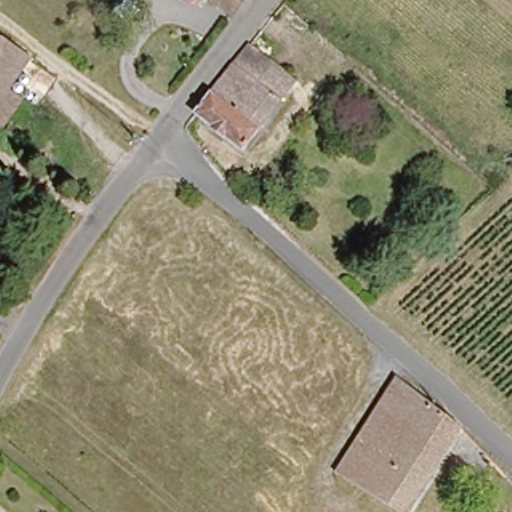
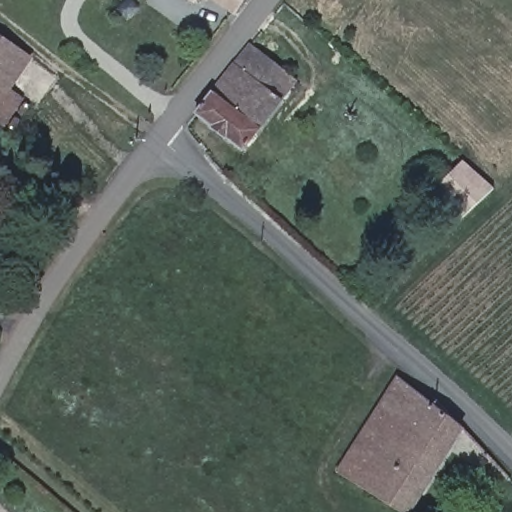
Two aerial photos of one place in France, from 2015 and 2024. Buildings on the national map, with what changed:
unchanged [(192,4),(186,0),(194,0),(192,4)]
unchanged [(232,13),(215,0),(241,0),(232,13)]
unchanged [(12,82),(0,98),(0,34),(30,58),(12,82)]
unchanged [(254,44),(298,84),(239,155),(193,113),(254,44)]
new [(461,217),(435,190),(463,159),(493,188),(461,217)]
unchanged [(448,422),(399,505),(355,478),(404,396),(448,422)]

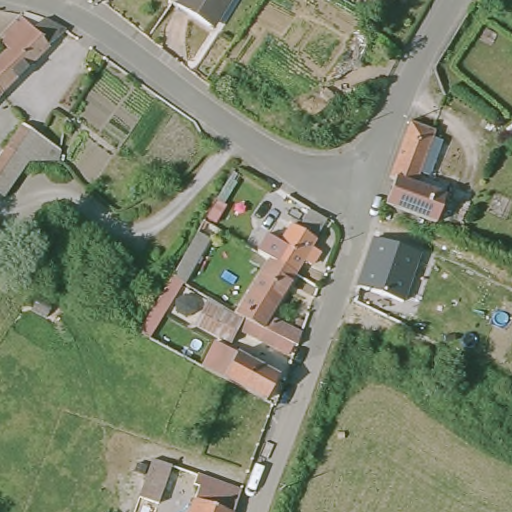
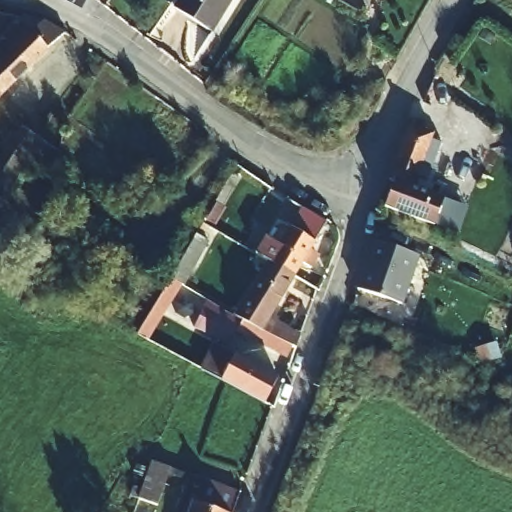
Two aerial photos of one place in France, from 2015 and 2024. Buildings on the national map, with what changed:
unchanged [(200,0),(198,3),(194,0),(200,0)]
unchanged [(198,3),(200,0),(228,0),(218,15),(198,3)]
unchanged [(0,57),(10,45),(0,37),(22,10),(27,10),(36,14),(45,17),(64,30),(2,93),(0,92),(0,57)]
unchanged [(0,95),(0,92),(2,93),(0,95)]
unchanged [(16,130),(10,125),(15,119),(21,124),(42,139),(61,151),(47,172),(27,159),(23,165),(0,196),(0,152),(0,151),(16,130)]
unchanged [(433,132),(432,139),(441,141),(428,178),(419,174),(415,187),(443,198),(435,224),(382,204),(391,177),(389,174),(408,123),(433,132)]
unchanged [(268,262),(252,254),(261,240),(275,249),(293,223),(300,227),(311,210),(327,219),(292,275),(268,262)]
unchanged [(202,244),(177,288),(165,281),(190,237),(202,244)]
unchanged [(370,238),(419,253),(402,301),(353,285),(370,238)]
unchanged [(298,348),(287,343),(237,318),(268,262),(292,275),(270,315),(303,335),(298,348)]
unchanged [(237,318),(287,343),(280,356),(237,334),(232,344),(215,334),(225,312),(237,318)]
unchanged [(203,372),(208,363),(227,374),(236,359),(277,380),(265,403),(252,397),(203,372)]
unchanged [(158,504),(150,501),(147,509),(138,506),(157,459),(173,465),(158,504)]
unchanged [(203,486),(195,484),(199,474),(242,489),(234,512),(194,512),(203,486)]

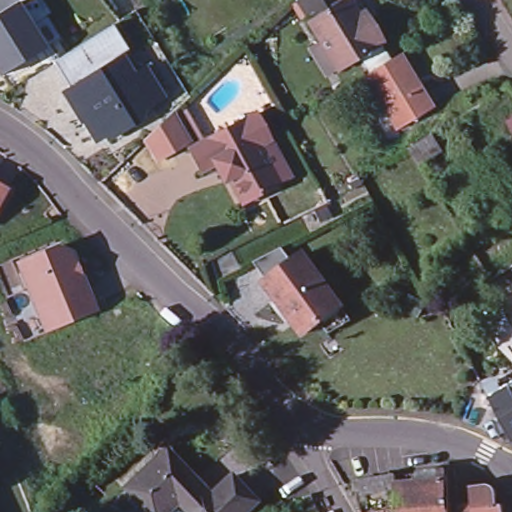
::::::::
Work instruction » What you give back must match the material word for word, with no images included.

The completed task »
Two aerial photos of one place in France, from 2015 and 2024. Buildings on the national map, with what changed:
unchanged [(192,4),(186,0),(194,0),(192,4)]
unchanged [(232,13),(215,0),(241,0),(232,13)]
unchanged [(12,82),(0,98),(0,34),(30,58),(12,82)]
unchanged [(254,44),(298,84),(239,155),(193,113),(254,44)]
new [(461,217),(435,190),(463,159),(493,188),(461,217)]
unchanged [(448,422),(399,505),(355,478),(404,396),(448,422)]

Two aerial photos of one place in France, from 2015 and 2024. Buildings on the national map, with what changed:
unchanged [(200,0),(198,3),(194,0),(200,0)]
unchanged [(198,3),(200,0),(228,0),(218,15),(198,3)]
unchanged [(0,57),(10,45),(0,37),(22,10),(27,10),(36,14),(45,17),(64,30),(2,93),(0,92),(0,57)]
unchanged [(0,95),(0,92),(2,93),(0,95)]
unchanged [(16,130),(10,125),(15,119),(21,124),(42,139),(61,151),(47,172),(27,159),(23,165),(0,196),(0,152),(0,151),(16,130)]
unchanged [(433,132),(432,139),(441,141),(428,178),(419,174),(415,187),(443,198),(435,224),(382,204),(391,177),(389,174),(408,123),(433,132)]
unchanged [(268,262),(252,254),(261,240),(275,249),(293,223),(300,227),(311,210),(327,219),(292,275),(268,262)]
unchanged [(202,244),(177,288),(165,281),(190,237),(202,244)]
unchanged [(370,238),(419,253),(402,301),(353,285),(370,238)]
unchanged [(298,348),(287,343),(237,318),(268,262),(292,275),(270,315),(303,335),(298,348)]
unchanged [(237,318),(287,343),(280,356),(237,334),(232,344),(215,334),(225,312),(237,318)]
unchanged [(203,372),(208,363),(227,374),(236,359),(277,380),(265,403),(252,397),(203,372)]
unchanged [(158,504),(150,501),(147,509),(138,506),(157,459),(173,465),(158,504)]
unchanged [(203,486),(195,484),(199,474),(242,489),(234,512),(194,512),(203,486)]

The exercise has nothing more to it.